United States District Court, E.D. California

March 19, 2014

LATASHA WALLACE, Plaintiff,
v.
CAROLYN W. COLVIN, Acting Commissioner of Social Security, Defendant.

ORDER

EDMUND F. BRENNAN, Magistrate Judge.

Plaintiff seeks judicial review of a final decision of the Commissioner of Social Security ("Commissioner") denying her applications for Child Insurance Benefits ("CIB") and for Supplemental Security Income ("SSI") under Titles II and XVI of the Social Security Act. The parties' cross-motions for summary judgment are pending. For the reasons discussed below, the court grants plaintiff's motion and remands the matter for further proceedings.

I. BACKGROUND

Plaintiff protectively filed an application for SSI and CIB on June 9, 2010, alleging she had been disabled since March 12, 2008. Administrative Record ("AR") 120-126. Plaintiff's application was initially denied on August 25, 2010, and upon reconsideration on February 2, 2011. Id. at 70-74, 80-89. On November 10, 2011, a hearing was held before administrative law judge ("ALJ") David Blume. Id. at 44-64. Plaintiff was represented by counsel at the hearing, at which she and a vocational expert testified. Id.

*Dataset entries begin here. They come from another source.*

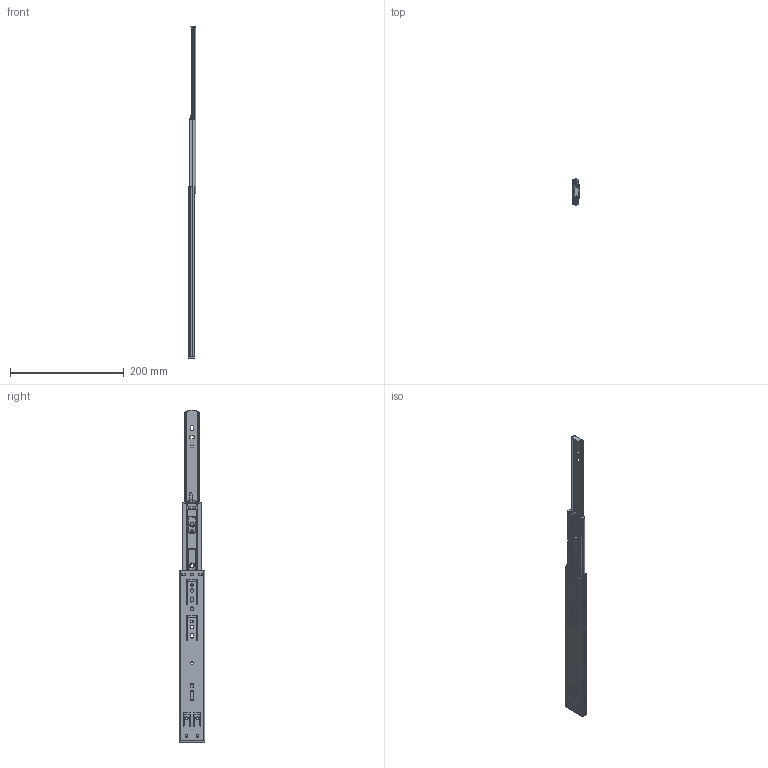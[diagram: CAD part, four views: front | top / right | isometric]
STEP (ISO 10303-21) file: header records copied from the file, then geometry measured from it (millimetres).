
FILE_DESCRIPTION (( 'STEP AP214' ), '1' );
FILE_NAME ('FR_5046.0300mm_12inch_ECD_open.STEP', '2022-10-31T09:55:47', ( '' ), ( '' ), 'SwSTEP 2.0', 'SolidWorks 2020', '' );
FILE_SCHEMA (( 'AUTOMOTIVE_DESIGN' ));
Length unit declared in the file: millimetre
Products named in the file (17): FR5046 ECD CATCH; 5046 ECD BOLT; 5046.XXX-03.C001A_NL  300; 5046 ECD 250 - 350_ECD ge”ffnet; 5046.XXX-02.C001A_NL  300; 5046 ECD SLIDER; 5046 ECD 250 - 350; FR_5046.0300mm_12inch_ECD_open; 5046 Damper Rod; Anschlag Mittelprofiel; AHS; 5046 Damper Base 250 - 350; 5046.XXX-01.C001A_NL  300 ge”ffnet; Niete; 5046.XXX-01.C001A_NL  300
Assembly tree (17 placements, depth 4):
  FR_5046.0300mm_12inch_ECD_open
    5046.XXX-01.C001A_NL  300 ge”ffnet
      5046.XXX-01.C001A_NL  300
      5046 ECD 250 - 350_ECD ge”ffnet
        5046 ECD 250 - 350
        5046 ECD SLIDER
        5046 ECD BOLT
        5046 Damper Base 250 - 350
        5046 Damper Rod
    5046.XXX-02.C001A_NL  300
      5046.XXX-02.C001A_NL  300
      Anschlag Mittelprofiel
    5046.XXX-03.C001A_NL  300
      5046.XXX-03.C001A_NL  300
      AHS
      Niete  x2
      FR5046 ECD CATCH
Bounding box: 12.7 x 45.46 x 584.8 mm (x, y, z)
Volume: 65845.2 mm3; surface area: 104125.2 mm2
Topology: 13 solids, 13 shells, 978 faces, 2576 edges, 1615 vertices
Faces by surface type: plane 575, cylinder 365, bspline 16, torus 12, cone 7, sphere 3
Entity records: 30949 total; most frequent: CARTESIAN_POINT 6044, DIRECTION 5105, ORIENTED_EDGE 5086, EDGE_CURVE 2543, LINE 1745, VECTOR 1745, AXIS2_PLACEMENT_3D 1680, VERTEX_POINT 1597

On December 30, 2011, the ALJ issued a decision finding that plaintiff was not disabled under sections 223(d) and 1614(a)(3)(A) of the act.[1] Id. at 20. The ALJ made the following specific findings:

1. Born on February 27, 1987, the claimant had not attained age 22 as of March 12, 2008, the alleged onset date (20 CFR 404.102 and 404.350(a)(5)).
2. The claimant has not engaged in substantial gainful activity since March 12, 2008, the established onset date (20 CFR 404.1571, 416.971 et seq. ).
3. The claimant has the following severe impairments, and had these impairments prior to age 22: obesity and borderline intellectual functioning (20 CFR 404.1520(c), 416.920(c)).
* * *
4. The claimant does not have, nor prior to attaining age 22 did not have, an impairment or combination of impairments that met or medically equals one of the listed impairments in 20 CFR Part 404, Subpart P, Appendix 1 (20 CFR 404.1520(d), 404.1525 and 404.1526, 416.920(d), 416.925 and 416.926).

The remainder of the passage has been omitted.